Later note: The tag: URI scheme allows dating a DNS usage. Thus it relies only on agreement on a calendar. —Kevin Reid 09:12, 6 May 2010 (CDT)

One of the above combined with a GUID/SwissNumber

               org.erights.elib.slot.Slot!09l64YiaLKTgV7Drnu_8QeQpYm9T

The advantage of this over the above is that the random component makes it unlikely to collide with other protocol names, even if, e.g., DNS names change hands. For normal use, the first part of the name should be adequate to provide human-readable identification, and in the event of a first-part-collision it is highly likely that the random characters will be different at the left end.

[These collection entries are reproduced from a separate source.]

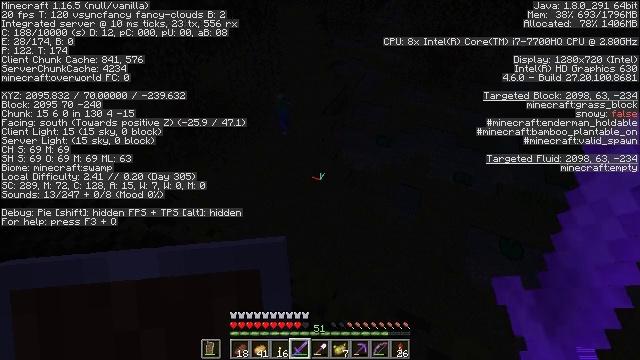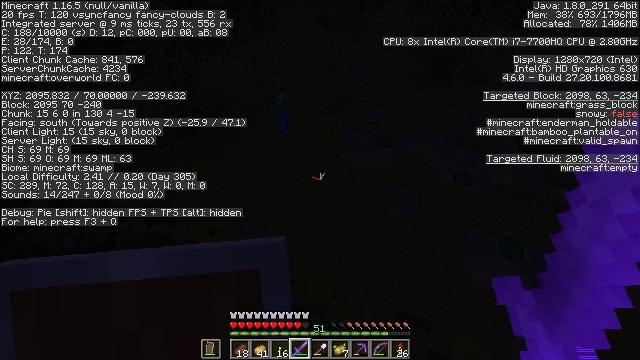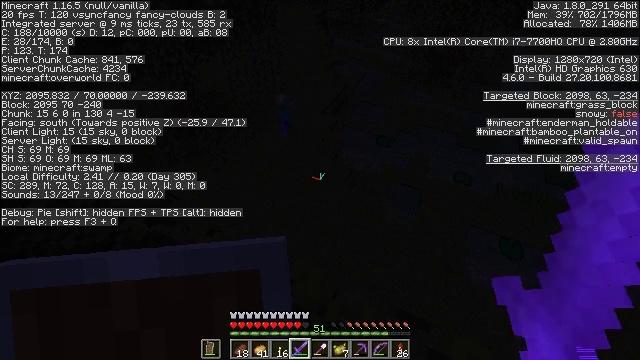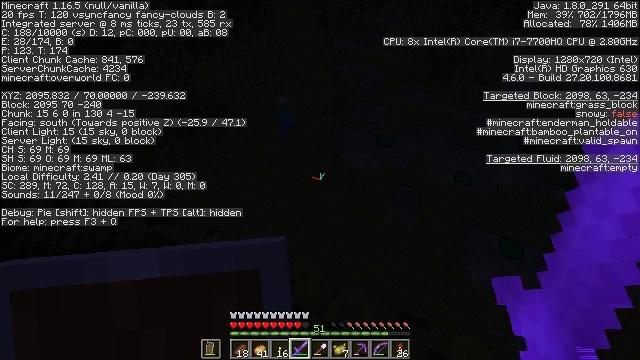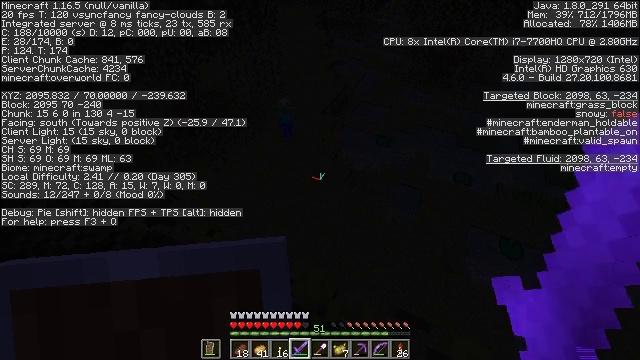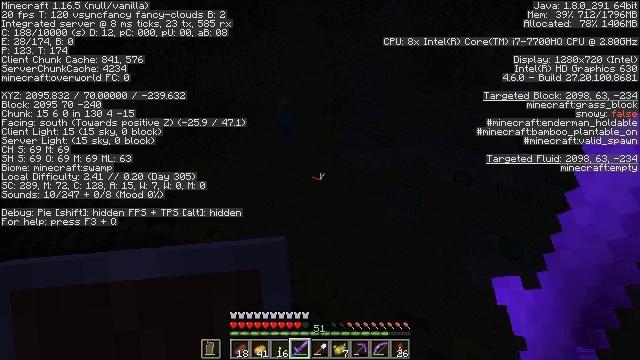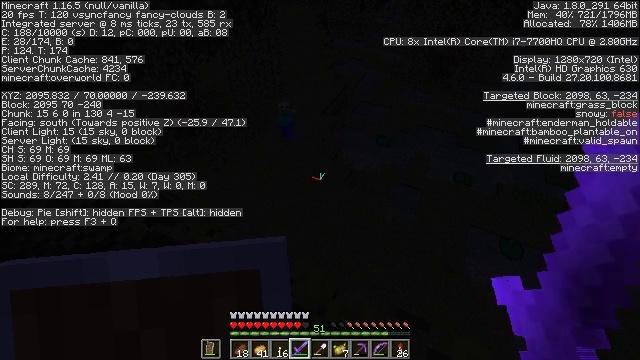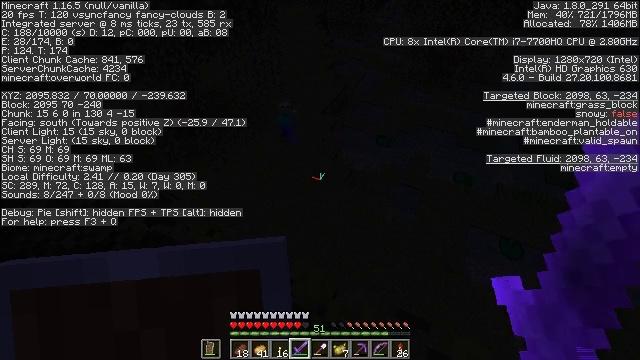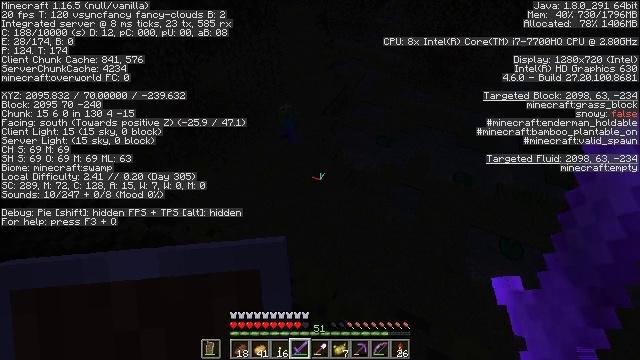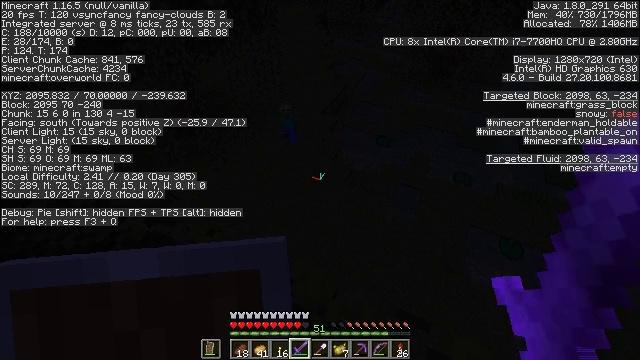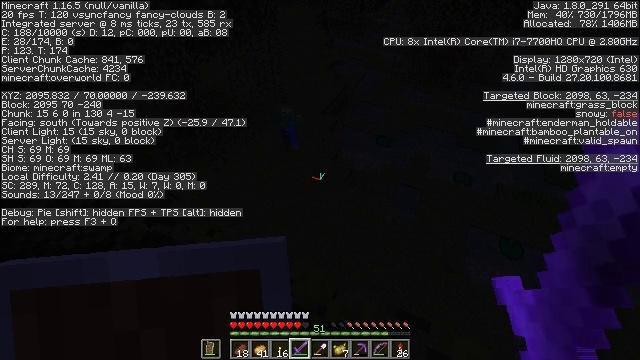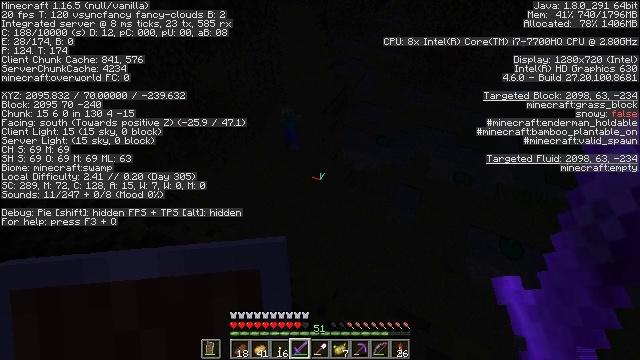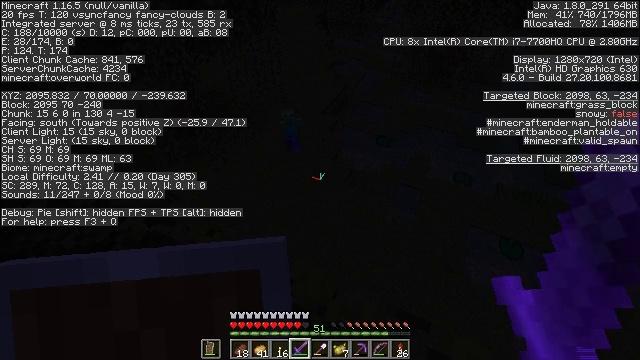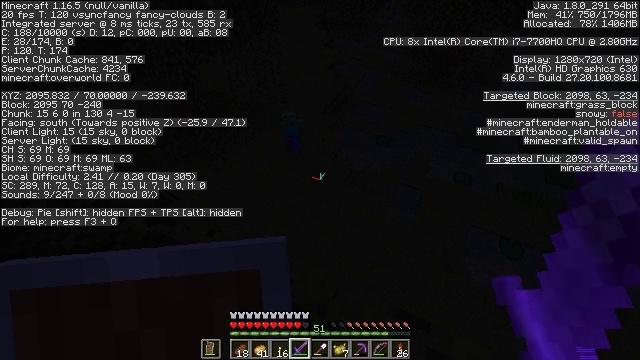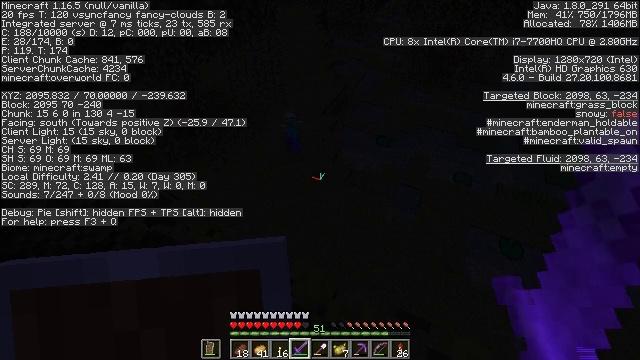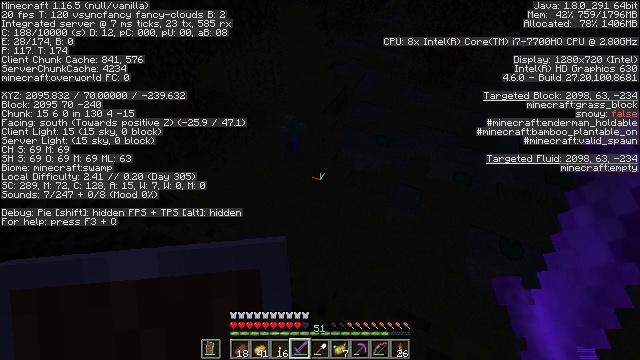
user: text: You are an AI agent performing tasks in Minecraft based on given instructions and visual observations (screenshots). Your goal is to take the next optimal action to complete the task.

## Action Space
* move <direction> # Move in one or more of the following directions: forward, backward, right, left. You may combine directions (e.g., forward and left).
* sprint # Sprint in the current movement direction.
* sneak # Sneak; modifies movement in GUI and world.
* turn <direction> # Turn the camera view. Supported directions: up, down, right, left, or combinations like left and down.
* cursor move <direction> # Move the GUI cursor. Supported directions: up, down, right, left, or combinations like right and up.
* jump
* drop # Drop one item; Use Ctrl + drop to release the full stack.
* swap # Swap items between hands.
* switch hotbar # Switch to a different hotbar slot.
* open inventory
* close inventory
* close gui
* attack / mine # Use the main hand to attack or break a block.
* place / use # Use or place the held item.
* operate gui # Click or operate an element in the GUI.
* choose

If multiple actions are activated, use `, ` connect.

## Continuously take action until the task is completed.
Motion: motion action
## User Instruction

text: Hunt mobs.
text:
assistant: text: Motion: no_op
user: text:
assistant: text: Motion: no_op
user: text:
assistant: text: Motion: no_op
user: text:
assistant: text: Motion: no_op
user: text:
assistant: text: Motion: no_op
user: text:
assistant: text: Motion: no_op
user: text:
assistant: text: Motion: no_op
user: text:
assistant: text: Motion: no_op
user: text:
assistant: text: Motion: no_op
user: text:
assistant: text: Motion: no_op
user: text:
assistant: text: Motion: no_op
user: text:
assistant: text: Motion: no_op
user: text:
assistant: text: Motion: no_op
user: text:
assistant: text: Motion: no_op
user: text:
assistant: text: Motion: no_op
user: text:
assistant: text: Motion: no_op
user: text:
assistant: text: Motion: no_op
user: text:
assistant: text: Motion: no_op
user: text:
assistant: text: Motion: no_op
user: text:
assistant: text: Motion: no_op
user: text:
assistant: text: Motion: no_op
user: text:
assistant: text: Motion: no_op
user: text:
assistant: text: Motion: no_op
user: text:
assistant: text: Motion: no_op
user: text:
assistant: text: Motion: no_op
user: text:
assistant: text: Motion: no_op
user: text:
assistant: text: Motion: no_op
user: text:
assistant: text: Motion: no_op
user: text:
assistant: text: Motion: no_op
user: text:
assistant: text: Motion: no_op
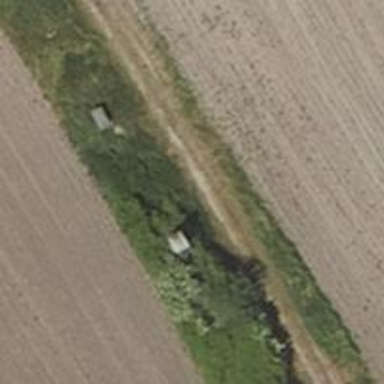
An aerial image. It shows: Shelter that serves as hunting stand.
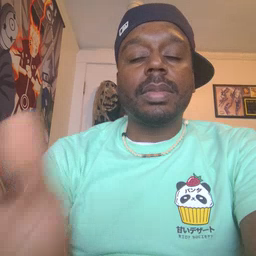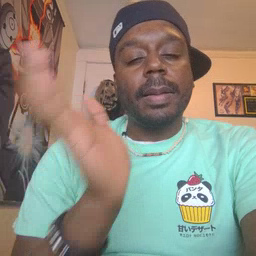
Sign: bed
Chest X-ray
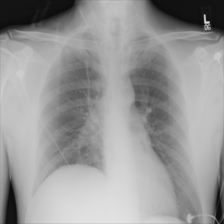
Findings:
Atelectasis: negative
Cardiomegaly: negative
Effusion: negative
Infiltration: negative
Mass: negative
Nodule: negative
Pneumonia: negative
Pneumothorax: negative
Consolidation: negative
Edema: negative
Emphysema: negative
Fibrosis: positive
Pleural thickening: negative
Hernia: negative
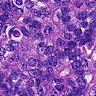
Metastatic tissue present: yes
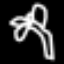
Label: palm tree

Later note: This style of naming corresponds to a concept I'm calling “Token” these days — an PassByCopy object which has a static random component and a human-readable component, and prints only as the human-readable component — they would be used for all 'enumeration type' purposes. —Kevin Reid 09:12, 6 May 2010 (CDT)

Of course, no matter what the name scheme, it is trivial to deliberately create a "collision", but this does not matter as it is always an alleged type and the object can misbehave any way it likes no matter what protocols it claims to support.


Not addressed

Means of finding authoritative documentation of a protocol.